Stored data:
>>>

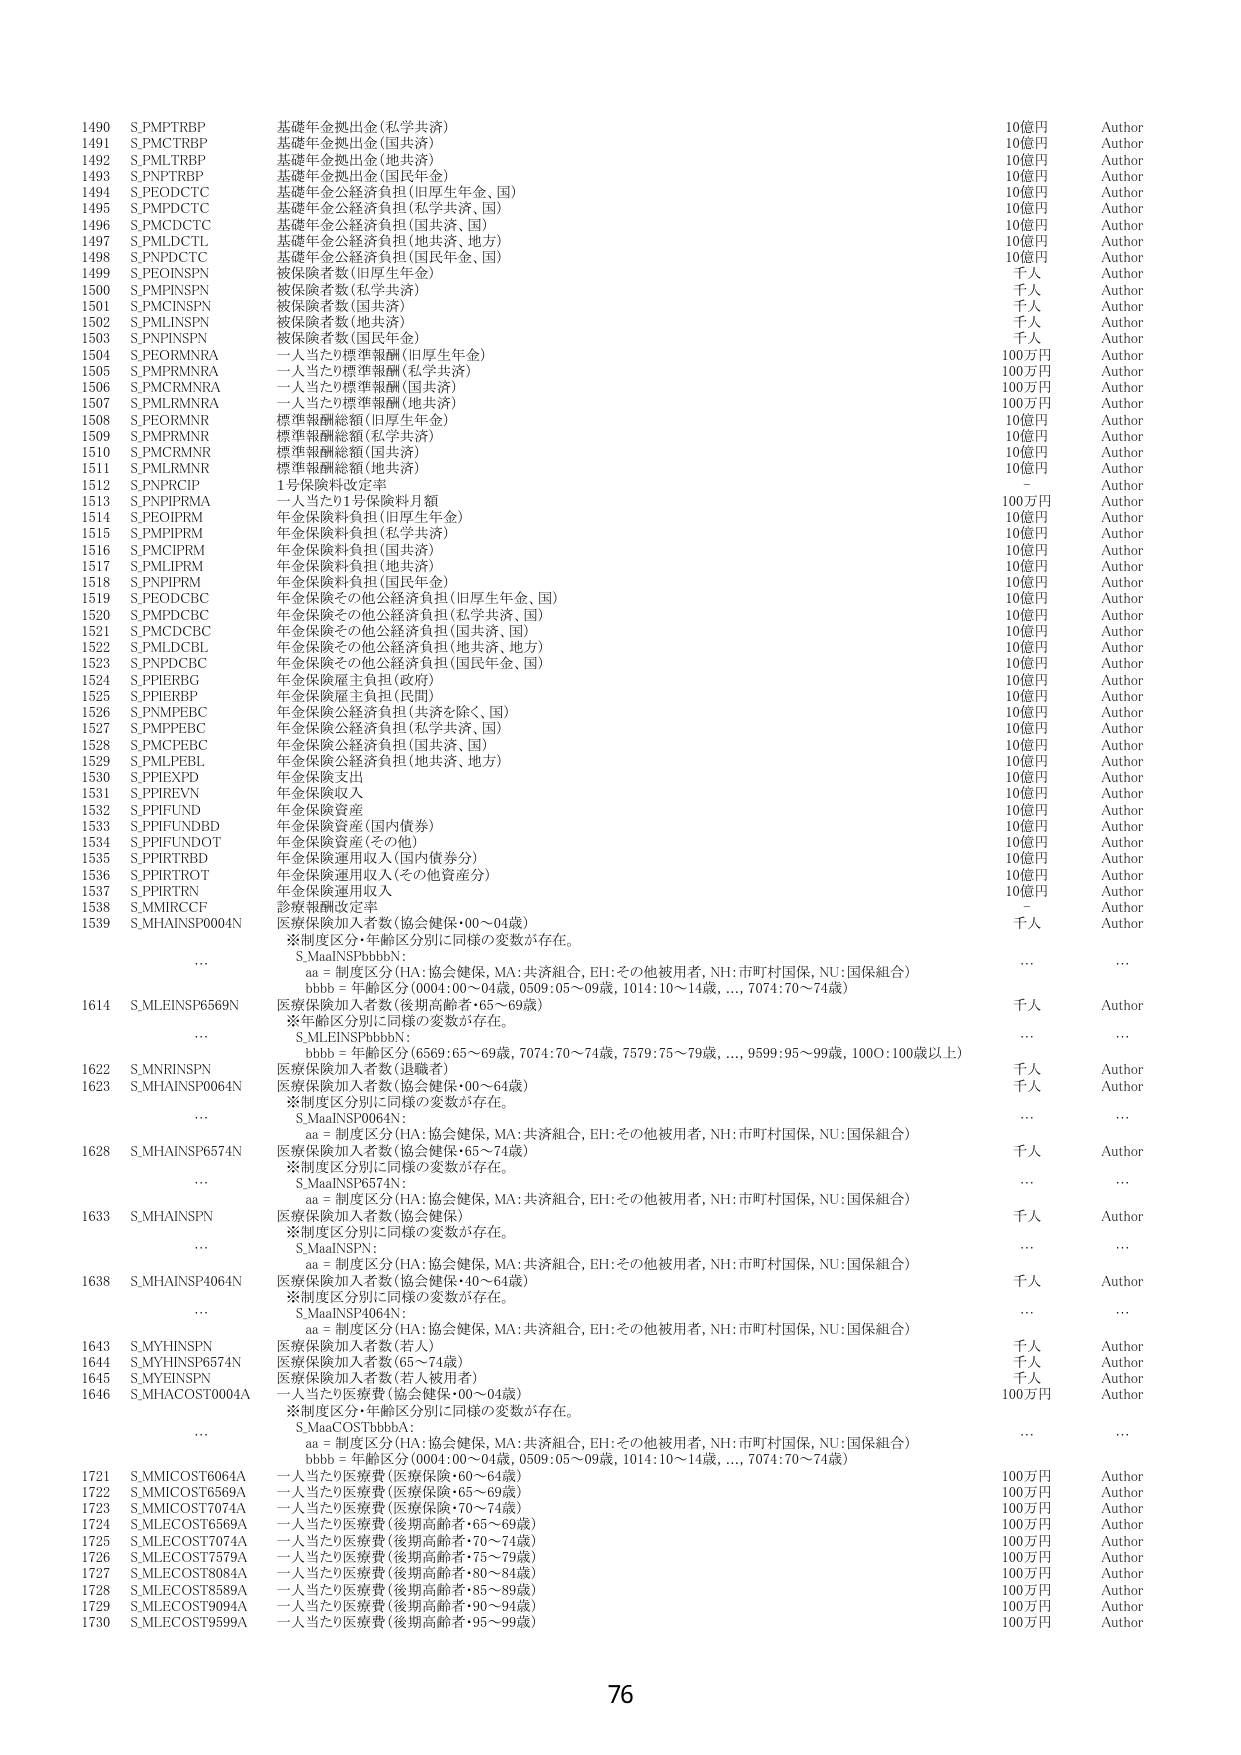
1490 S.PMTRB P 基礎年金拠出金(私学共済) 10億円 Author
1491 S.PMCTRB P 基礎年金拠出金(国共済) 10億円 Author
1492 S.PMLTRB P 基礎年金拠出金(地共済) 10億円 Author
1493 S.PNTRB P 基礎年金拠出金(国民年金) 10億円 Author
1494 S.PEODCTC 基礎年金公経済負担(旧厚生年金、国) 10億円 Author
1495 S.PMIDCTC 基礎年金公経済負担(私学共済、国) 10億円 Author
1496 S.PMIDCTC 基礎年金公経済負担(国共済、国) 10億円 Author
1497 S.PMLDCTL 基礎年金公経済負担(地共済、地方) 10億円 Author
1498 S.PNIDCTC 基礎年金公経済負担(国民年金、国) 10億円 Author
1499 S.PEOINSPN 被保険者数(旧厚生年金) 千人 Author
1500 S.PMINSPN 被保険者数(私学共済) 千人 Author
1501 S.PMCINSPN 被保険者数(国共済) 千人 Author
1502 S.PMLINSPN 被保険者数(地共済) 千人 Author
1503 S.PNINSPN 被保険者数(国民年金) 千人 Author
1504 S.PEORMNRA 一人当たり標準報酬(旧厚生年金) 100万円 Author
1505 S.PMORMNRA 一人当たり標準報酬(私学共済) 100万円 Author
1506 S.PMCRMNRA 一人当たり標準報酬(国共済) 100万円 Author
1507 S.PMLRMNRA 一人当たり標準報酬(地共済) 100万円 Author
1508 S.PEORMNR 標準報酬総額(旧厚生年金) 10億円 Author
1509 S.PMORMNR 標準報酬総額(私学共済) 10億円 Author
1510 S.PMCRMNR 標準報酬総額(国共済) 10億円 Author
1511 S.PMLRMNR 標準報酬総額(地共済) 10億円 Author
1512 S.PNPRCIP 1号保険料改定率 - Author
1513 S.PNPIPRMA 一人当たり1号保険料月額 100万円 Author
1514 S.PEOIPRM 年金保険料負担(旧厚生年金) 10億円 Author
1515 S.PMOIPRM 年金保険料負担(私学共済) 10億円 Author
1516 S.PMCIPRM 年金保険料負担(国共済) 10億円 Author
1517 S.PMLIPRM 年金保険料負担(地共済) 10億円 Author
1518 S.PNPIPRM 年金保険料負担(国民年金) 10億円 Author
1519 S.PEODCBC 年金保険その他公経済負担(旧厚生年金、国) 10億円 Author
1520 S.PMPDCBC 年金保険その他公経済負担(私学共済、国) 10億円 Author
1521 S.PMCDCBC 年金保険その他公経済負担(国共済、国) 10億円 Author
1522 S.PMLDCBL 年金保険その他公経済負担(地共済、地方) 10億円 Author
1523 S.PNPD CBC 年金保険その他公経済負担(国民年金、国) 10億円 Author
1524 S.PPIERBG 年金保険雇主負担(政府) 10億円 Author
1525 S.PPIERBP 年金保険雇主負担(民間) 10億円 Author
1526 S.PNMPEBC 年金保険公経済負担(共済を除く、国) 10億円 Author
1527 S.PMPPEBC 年金保険公経済負担(私学共済、国) 10億円 Author
1528 S.PMCP EBC 年金保険公経済負担(国共済、国) 10億円 Author
1529 S.PMLPEBL 年金保険公経済負担(地共済、地方) 10億円 Author
1530 S.PPIEXPD 年金保険支出 10億円 Author
1531 S.PPIREVN 年金保険収入 10億円 Author
1532 S.PPIFUND 年金保険資産 10億円 Author
1533 S.PPIFUND BD 年金保険資産(国内債券) 10億円 Author
1534 S.PPIFUND OT 年金保険資産(その他) 10億円 Author
1535 S.PPIRTRBD 年金保険運用収入(国内債券分) 10億円 Author
1536 S.PPIRTROT 年金保険運用収入(その他資産分) 10億円 Author
1537 S.PPIRTRN 年金保険運用収入 10億円 Author
1538 S.MMIRCCF 診療報酬改定率 - Author
1539 S_MHAINS P0004N 医療保険加入者数(協会健保・00～04歳) 千人 Author
※制度区分・年齢区分別に同様の変数が存在。
S_MaaINSPbbbbN:
aa = 制度区分(HA:協会健保, MA:共済組合, EH:その他被用者, NH:市町村国保, NU:国保組合)
bbbb = 年齢区分(0004:00～04歳, 0509:05～09歳, 1014:10～14歳,..., 7074:70～74歳)
1614 S_MLEINSP6569N 医療保険加入者数(後期高齢者・65～69歳) 千人 Author
※年齢区分別に同様の変数が存在。
S_MLEINSPbbbbN:
bbbb = 年齢区分(6569:65～69歳, 7074:70～74歳, 7579:75～79歳,..., 9599:95～99歳, 1000:100歳以上)
1622 S_MNRINSPN 医療保険加入者数(退職者) 千人 Author
1623 S_MHAINS P0064N 医療保険加入者数(協会健保・00～64歳) 千人 Author
※制度区分別に同様の変数が存在。
S_MaaINSP0064N:
aa = 制度区分(HA:協会健保, MA:共済組合, EH:その他被用者, NH:市町村国保, NU:国保組合)
1628 S_MHAINS P6574N 医療保険加入者数(協会健保・65～74歳) 千人 Author
※制度区分別に同様の変数が存在。
S_MaaINSP6574N:
aa = 制度区分(HA:協会健保, MA:共済組合, EH:その他被用者, NH:市町村国保, NU:国保組合)
1633 S_MHAINS PN 医療保険加入者数(協会健保) 千人 Author
※制度区分別に同様の変数が存在。
S_MaaINSPN:
aa = 制度区分(HA:協会健保, MA:共済組合, EH:その他被用者, NH:市町村国保, NU:国保組合)
1638 S_MHAINS P4064N 医療保険加入者数(協会健保・40～64歳) 千人 Author
※制度区分別に同様の変数が存在。
S_MaaINSP4064N:
aa = 制度区分(HA:協会健保, MA:共済組合, EH:その他被用者, NH:市町村国保, NU:国保組合)
1643 S_MYHINSPN 医療保険加入者数(若人) 千人 Author
1644 S_MYHINSP6574N 医療保険加入者数(65～74歳) 千人 Author
1645 S_MYHINSPN 医療保険加入者数(若人被用者) 千人 Author
1646 S_MHACOST0004A 一人当たり医療費(協会健保・00～04歳) 100万円 Author
※制度区分・年齢区分別に同様の変数が存在。
S_MaaCOSTbbbbA:
aa = 制度区分(HA:協会健保, MA:共済組合, EH:その他被用者, NH:市町村国保, NU:国保組合)
bbbb = 年齢区分(0004:00～04歳, 0509:05～09歳, 1014:10～14歳,..., 7074:70～74歳)
1721 S_MMICOST6064A 一人当たり医療費(医療保険・60～64歳) 100万円 Author
1722 S_MMICOST6569A 一人当たり医療費(医療保険・65～69歳) 100万円 Author
1723 S_MMICOST7074A 一人当たり医療費(医療保険・70～74歳) 100万円 Author
1724 S_MLEOST6569A 一人当たり医療費(後期高齢者・65～69歳) 100万円 Author
1725 S_MLEOST7074A 一人当たり医療費(後期高齢者・70～74歳) 100万円 Author
1726 S_MLEOST7579A 一人当たり医療費(後期高齢者・75～79歳) 100万円 Author
1727 S_MLEOST8084A 一人当たり医療費(後期高齢者・80～84歳) 100万円 Author
1728 S_MLEOST8589A 一人当たり医療費(後期高齢者・85～89歳) 100万円 Author
1729 S_MLEOST9094A 一人当たり医療費(後期高齢者・90～94歳) 100万円 Author
1730 S_MLEOST9599A 一人当たり医療費(後期高齢者・95～99歳) 100万円 Author
76
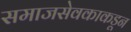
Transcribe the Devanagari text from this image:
समाजसेवकाकडून
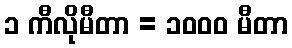
၁ ကီလိုမီတာ = ၁၀၀၀ မီတာ
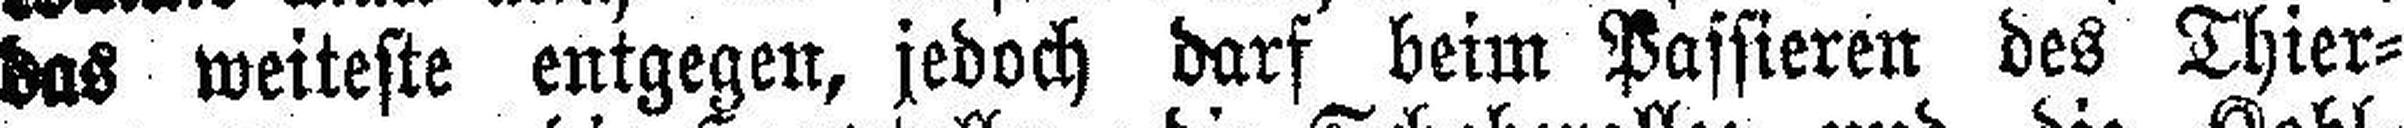
das weiteste entgegen, jedoch darf beim Passieren des Thier¬
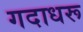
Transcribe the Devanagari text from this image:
गदाधरू
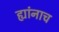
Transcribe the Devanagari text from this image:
ह्यांनाच
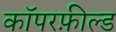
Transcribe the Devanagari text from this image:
कॉपरफ़ील्ड
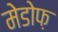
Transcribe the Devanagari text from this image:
मेडोफ़
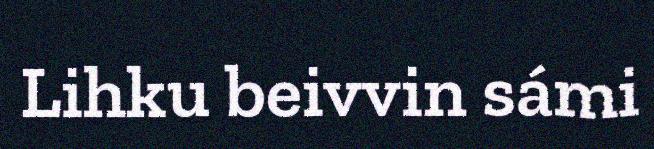
Lihku beivvin sámi
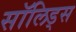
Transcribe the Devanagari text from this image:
सॉलिड्स
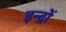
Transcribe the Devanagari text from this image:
इन्द्रों
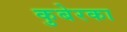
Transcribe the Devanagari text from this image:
कुबेरका
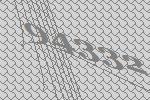
94332
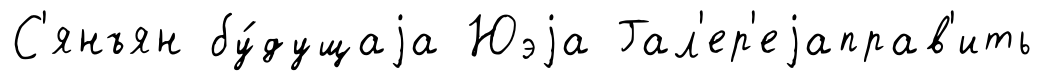
С'янъян бу́дущаjа Юэjа Гал'ер'еjаправ'ить
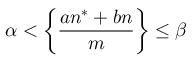
\alpha < { \biggl \{ } { \frac { a n ^ { * } + b n } { m } } { \biggr \} } \leq \beta
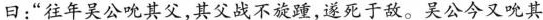
曰：“往年吴公吮其父，其父战不旋踵，遂死于敌。吴公今又吮其
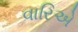
વારિએ
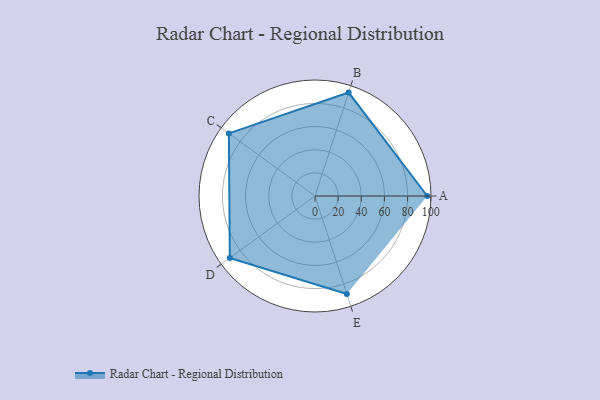
{"axis": {"x": "Skill", "y": "Score"}, "legend": ["Profile"], "data": [{"x": "A", "y": 97.0, "type": "Profile"}, {"x": "B", "y": 94.0, "type": "Profile"}, {"x": "C", "y": 92.0, "type": "Profile"}, {"x": "D", "y": 91.0, "type": "Profile"}, {"x": "E", "y": 89.0, "type": "Profile"}]}
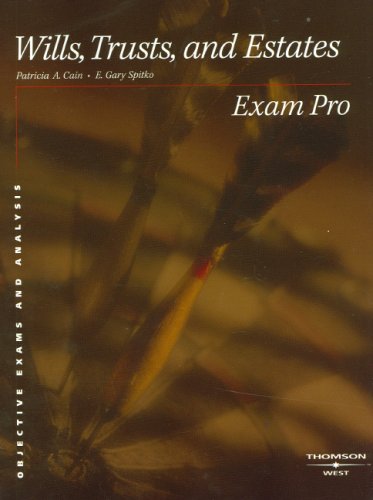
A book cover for Exam Pro on Wills, Trusts, and Estates; Patricia Cain; Law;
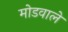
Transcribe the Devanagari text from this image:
मोडवाले
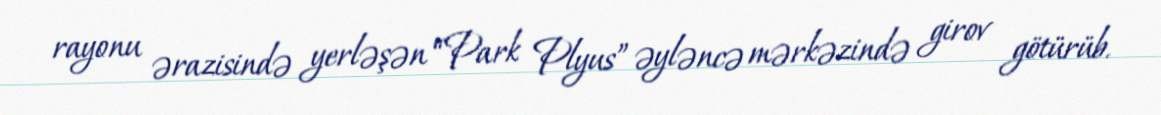
rayonu ərazisində yerləşən “Park Plyus” əyləncə mərkəzində girov götürüb.
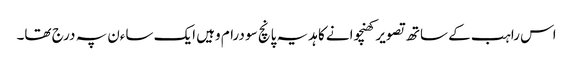
اس راہب کے ساتھ تصویر کھنچوانے کا ہدیہ پانچ سو درام وہیں ایک ساءن پہ درج تھا۔
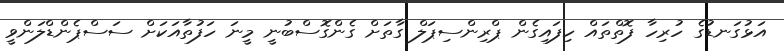
އަޅުގަނޑުގެ ހުރިހާ ފޮތްތައް ހިފައިގެން ޕްރިންސިޕަލް ގާތަށް ގެންގޮސްބުނީ މީނަ ހަފުތާއަކަށް ސަސްޕެންޑްލަންވީ
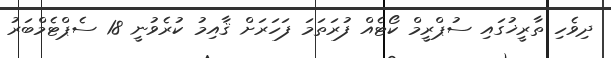
ދިވެހި ތާރީޚުގައި ސުޕްރީމް ކޯޓެއް ފުރަތަމަ ފަހަރަށް ޤާއިމު ކުރެވުނީ 18 ސެޕްޓެމްބަރު
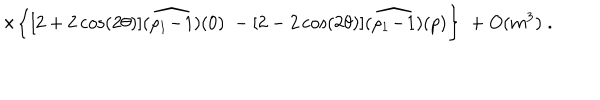
\times \bigg \{ [ 2 + 2 \cos ( 2 \theta ) ] \widehat { ( \rho _ { 1 } \! - \! 1 ) } ( 0 ) \; - [ 2 - 2 \cos ( 2 \theta ) ] \widehat { ( \rho _ { 1 } \! - \! 1 ) } ( p ) \bigg \} \; + O ( m ^ { 3 } ) \; .
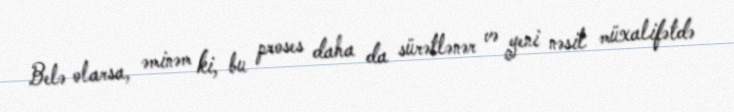
Belə olarsa, əminəm ki, bu proses daha da sürətlənər və yeni nəsil müxalifətdə
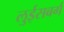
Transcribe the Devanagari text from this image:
लुईसबर्ग
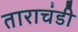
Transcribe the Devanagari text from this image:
ताराचंडी
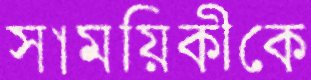
সাময়িকীকে
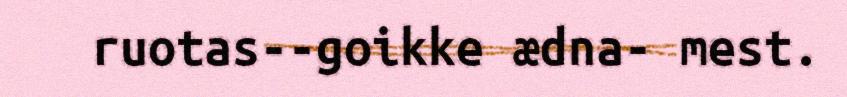
ruotas--goikke ædna- mest.
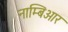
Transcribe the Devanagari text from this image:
नाम्बिआर
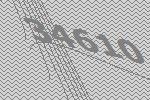
34610
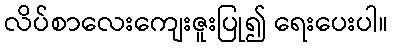
လိပ်စာလေးကျေးဇူးပြု၍ ရေးပေးပါ။
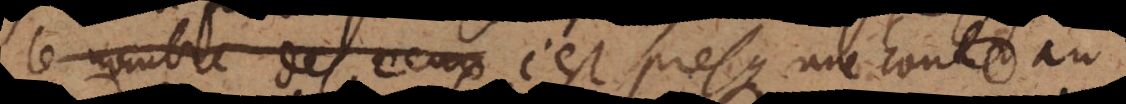
le nombre de ceux c’est presque une honte au
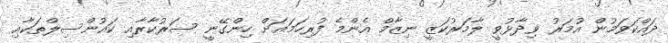
ދައްކަވަމުން އުމަރު ވިދާޅުވީ ލާމަރުކަޒީ ނިޒާމް އެންމެ ފުރިހަމައަށް ހިންގޭނީ ސަރުކާރާއި ކައުންސިލްތަކާއި
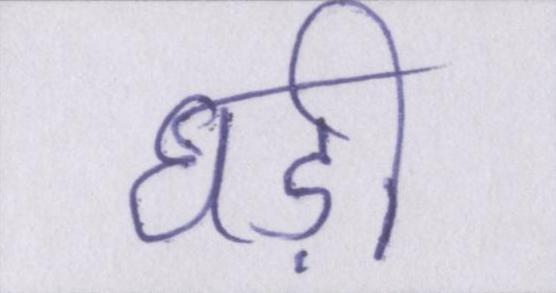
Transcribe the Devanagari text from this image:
घड़ी
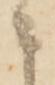
者
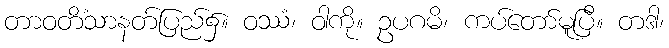
တာဝတိံသာနတ်ပြည်၌။ ဝဿံ၊ ဝါကို။ ဥပဂမိ၊ ကပ်တော်မူပြီ။ တဒါ၊
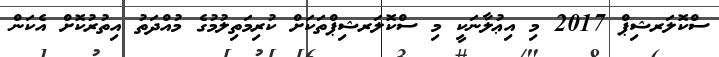
ސްކޮލަރޝިޕް 2017 މި އިޢުލާނަކީ މި ސްކޮލަރޝިޕްތަކަށް ކުރިމަތިލުމުގެ މުއްދަތު އިތުރުކޮށް އެކަން

<<<

## Work instruction
The lines from the start of the data through the line that contains "1530 S.PPIEXPD 年金保険支出 10億円 Author" are to be returned exactly, please, with both ends included and every picture left out.

## Result of this exercise
1490 S.PMTRB P 基礎年金拠出金(私学共済) 10億円 Author
1491 S.PMCTRB P 基礎年金拠出金(国共済) 10億円 Author
1492 S.PMLTRB P 基礎年金拠出金(地共済) 10億円 Author
1493 S.PNTRB P 基礎年金拠出金(国民年金) 10億円 Author
1494 S.PEODCTC 基礎年金公経済負担(旧厚生年金、国) 10億円 Author
1495 S.PMIDCTC 基礎年金公経済負担(私学共済、国) 10億円 Author
1496 S.PMIDCTC 基礎年金公経済負担(国共済、国) 10億円 Author
1497 S.PMLDCTL 基礎年金公経済負担(地共済、地方) 10億円 Author
1498 S.PNIDCTC 基礎年金公経済負担(国民年金、国) 10億円 Author
1499 S.PEOINSPN 被保険者数(旧厚生年金) 千人 Author
1500 S.PMINSPN 被保険者数(私学共済) 千人 Author
1501 S.PMCINSPN 被保険者数(国共済) 千人 Author
1502 S.PMLINSPN 被保険者数(地共済) 千人 Author
1503 S.PNINSPN 被保険者数(国民年金) 千人 Author
1504 S.PEORMNRA 一人当たり標準報酬(旧厚生年金) 100万円 Author
1505 S.PMORMNRA 一人当たり標準報酬(私学共済) 100万円 Author
1506 S.PMCRMNRA 一人当たり標準報酬(国共済) 100万円 Author
1507 S.PMLRMNRA 一人当たり標準報酬(地共済) 100万円 Author
1508 S.PEORMNR 標準報酬総額(旧厚生年金) 10億円 Author
1509 S.PMORMNR 標準報酬総額(私学共済) 10億円 Author
1510 S.PMCRMNR 標準報酬総額(国共済) 10億円 Author
1511 S.PMLRMNR 標準報酬総額(地共済) 10億円 Author
1512 S.PNPRCIP 1号保険料改定率 - Author
1513 S.PNPIPRMA 一人当たり1号保険料月額 100万円 Author
1514 S.PEOIPRM 年金保険料負担(旧厚生年金) 10億円 Author
1515 S.PMOIPRM 年金保険料負担(私学共済) 10億円 Author
1516 S.PMCIPRM 年金保険料負担(国共済) 10億円 Author
1517 S.PMLIPRM 年金保険料負担(地共済) 10億円 Author
1518 S.PNPIPRM 年金保険料負担(国民年金) 10億円 Author
1519 S.PEODCBC 年金保険その他公経済負担(旧厚生年金、国) 10億円 Author
1520 S.PMPDCBC 年金保険その他公経済負担(私学共済、国) 10億円 Author
1521 S.PMCDCBC 年金保険その他公経済負担(国共済、国) 10億円 Author
1522 S.PMLDCBL 年金保険その他公経済負担(地共済、地方) 10億円 Author
1523 S.PNPD CBC 年金保険その他公経済負担(国民年金、国) 10億円 Author
1524 S.PPIERBG 年金保険雇主負担(政府) 10億円 Author
1525 S.PPIERBP 年金保険雇主負担(民間) 10億円 Author
1526 S.PNMPEBC 年金保険公経済負担(共済を除く、国) 10億円 Author
1527 S.PMPPEBC 年金保険公経済負担(私学共済、国) 10億円 Author
1528 S.PMCP EBC 年金保険公経済負担(国共済、国) 10億円 Author
1529 S.PMLPEBL 年金保険公経済負担(地共済、地方) 10億円 Author
1530 S.PPIEXPD 年金保険支出 10億円 Author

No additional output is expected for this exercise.